8.1 Effect Size

An is a quantitative description of the size or strength of an effect, difference, or relationship.

In Chapter 7, we used the p-value to decide whether a result was statistically significant. That is useful, but it is not enough. A statistically significant result can be tiny and practically unimportant. A non-significant result can still be interesting, especially if the study had low power or a small sample.

Effect sizes help us ask a different question:

How big is the effect?

Statistical vs. Practical Significance

A p-value helps us decide whether the result is statistically significant. An effect size helps us think about whether the result is meaningful.

Those are not the same thing.

A very small effect can be statistically significant if the sample size is huge. A larger effect can be non-significant if the sample size is small or the study has low power. This is why we should avoid letting the p-value do all the thinking for us.

TipKey Idea

Statistical significance asks whether a result is surprising under the null hypothesis.

Practical significance asks whether the effect matters in context.

Common Effect Sizes

Different statistical tests use different effect-size measures. You do not need to master all of these right now, but you should recognize that effect size is not one single statistic.

Statistical context Common effect size What it describes
Mean differences Cohen’s d or Hedges’ g Difference between means in standardized units
Correlation r Strength and direction of a relationship
ANOVA η², partial η², or ω² Proportion of variance associated with an effect
Chi-square φ or Cramer’s V Strength of association between categorical variables

We will return to specific effect sizes in the chapters where they are used. For now, the important point is that effect sizes describe magnitude.

The d family of effect sizes describes standardized mean differences. Cohen’s d is common, but Hedges’ g is often preferred with smaller samples because it corrects some small-sample bias.

The r family of effect sizes describes associations. A correlation can range from -1 to +1, with 0 indicating no linear relationship. Squaring a correlation gives the proportion of variance explained.

The eta-squared family is often used with ANOVA. Eta-squared, partial eta-squared, and omega-squared estimate the amount of variation in the dependent variable associated with one or more predictors. We will keep those distinctions light until the ANOVA chapter.

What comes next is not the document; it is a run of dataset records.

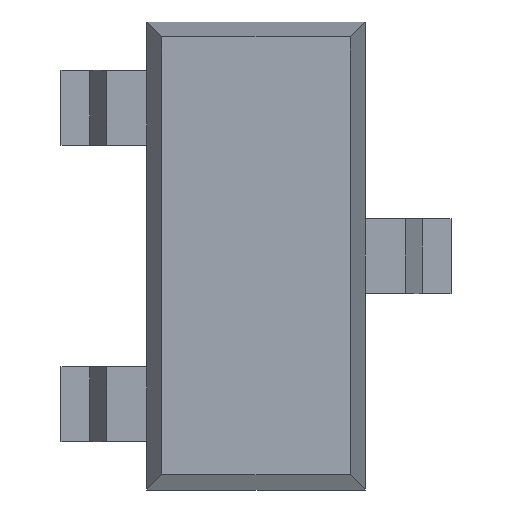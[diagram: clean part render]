
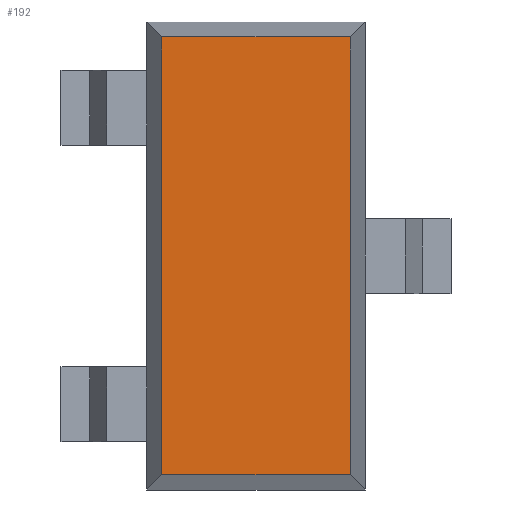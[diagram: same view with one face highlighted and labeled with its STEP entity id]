
A CAD part, top view. The second image highlights one B-rep face of the part: STEP entity #192.
In plain terms, the highlighted planar face has unit normal (0, 0, 1).
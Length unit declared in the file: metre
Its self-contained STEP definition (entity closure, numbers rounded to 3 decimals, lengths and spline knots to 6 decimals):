
#156 = EDGE_CURVE( '', #437, #438, #439, .T. );
#192 = ADVANCED_FACE( '', ( #503 ), #504, .F. );
#294 = EDGE_CURVE( '', #517, #437, #651, .T. );
#298 = EDGE_CURVE( '', #438, #500, #656, .T. );
#342 = EDGE_CURVE( '', #500, #517, #711, .T. );
#437 = VERTEX_POINT( '', #806 );
#438 = VERTEX_POINT( '', #807 );
#439 = LINE( '', #808, #809 );
#500 = VERTEX_POINT( '', #895 );
#503 = FACE_OUTER_BOUND( '', #899, .T. );
#504 = PLANE( '', #900 );
#517 = VERTEX_POINT( '', #920 );
#651 = LINE( '', #1116, #1117 );
#656 = LINE( '', #1123, #1124 );
#711 = LINE( '', #1206, #1207 );
#806 = CARTESIAN_POINT( '', ( 0.000612, 0.001408, 0.001096 ) );
#807 = CARTESIAN_POINT( '', ( -0.000594, 0.001408, 0.001096 ) );
#808 = CARTESIAN_POINT( '', ( 0.000709, 0.001408, 0.001096 ) );
#809 = VECTOR( '', #1356, 1. );
#895 = CARTESIAN_POINT( '', ( -0.000594, -0.001398, 0.001096 ) );
#899 = EDGE_LOOP( '', ( #1411, #1412, #1413, #1414 ) );
#900 = AXIS2_PLACEMENT_3D( '', #1415, #1416, #1417 );
#920 = CARTESIAN_POINT( '', ( 0.000612, -0.001398, 0.001096 ) );
#1116 = CARTESIAN_POINT( '', ( 0.000612, -0.001495, 0.001096 ) );
#1117 = VECTOR( '', #1588, 1. );
#1123 = CARTESIAN_POINT( '', ( -0.000594, 0.001505, 0.001096 ) );
#1124 = VECTOR( '', #1601, 1. );
#1206 = CARTESIAN_POINT( '', ( -0.000691, -0.001398, 0.001096 ) );
#1207 = VECTOR( '', #1689, 1. );
#1356 = DIRECTION( '', ( -1., 0., 0. ) );
#1411 = ORIENTED_EDGE( '', *, *, #294, .T. );
#1412 = ORIENTED_EDGE( '', *, *, #156, .T. );
#1413 = ORIENTED_EDGE( '', *, *, #298, .T. );
#1414 = ORIENTED_EDGE( '', *, *, #342, .T. );
#1415 = CARTESIAN_POINT( '', ( 0.000009, 0.000005, 0.001096 ) );
#1416 = DIRECTION( '', ( 0., 0., -1. ) );
#1417 = DIRECTION( '', ( -1., 0., 0. ) );
#1588 = DIRECTION( '', ( 0., 1., 0. ) );
#1601 = DIRECTION( '', ( 0., -1., 0. ) );
#1689 = DIRECTION( '', ( 1., 0., 0. ) );

Small, Medium, and Large Effects

You may have seen rules of thumb online. For example, Cohen’s d values of .20, .50, and .80 are often described as small, medium, and large. Correlations of .10, .30, and .50 are also often described that way.

Those guidelines can be useful as a starting point, but please do not treat them like universal laws.

Quite frankly, it depends.

The meaning of an effect size depends on the research area, the outcome, the intervention, the cost of acting on the result, the risk of not acting, and what previous studies have found.

For example, a very small effect can matter if the outcome is important, the intervention is cheap, and many people are affected. A small reduction in future heart attacks can matter a lot if the intervention is inexpensive and widely available.

On the other hand, imagine an educational intervention that produces a large effect on GPA but costs $100,000 per student. That might be statistically and practically impressive, but it may not be feasible. The effect is large, but the real-world decision is still complicated.

WarningBe Careful With Benchmarks

Small, medium, and large effect-size labels are shortcuts. They are not substitutes for thinking.

A better question is: What is the smallest effect size that would matter in this context?

Effect Size as Part of BEAN

Effect size matters because larger effects are easier to detect.

Holding alpha and sample size constant:

  • Larger effect size → higher power
  • Smaller effect size → lower power

This also means smaller effects require larger samples if we want a good chance of detecting them.

That is one of the major reasons researchers conduct power analyses. They are not just asking, “How many people do I need?” They are asking, “How many people do I need to detect an effect of this size with reasonable power?”

Daniel Lakens has a useful journal article on effect sizes and a chapter on effect sizes. He also discusses sample size justification, including ways to identify the smallest effect size of interest.

One helpful approach is to look at the distribution of effect sizes in a research area instead of relying only on generic benchmarks. For example, some education researchers have examined existing intervention effects to develop field-specific expectations for what counts as small, medium, or large.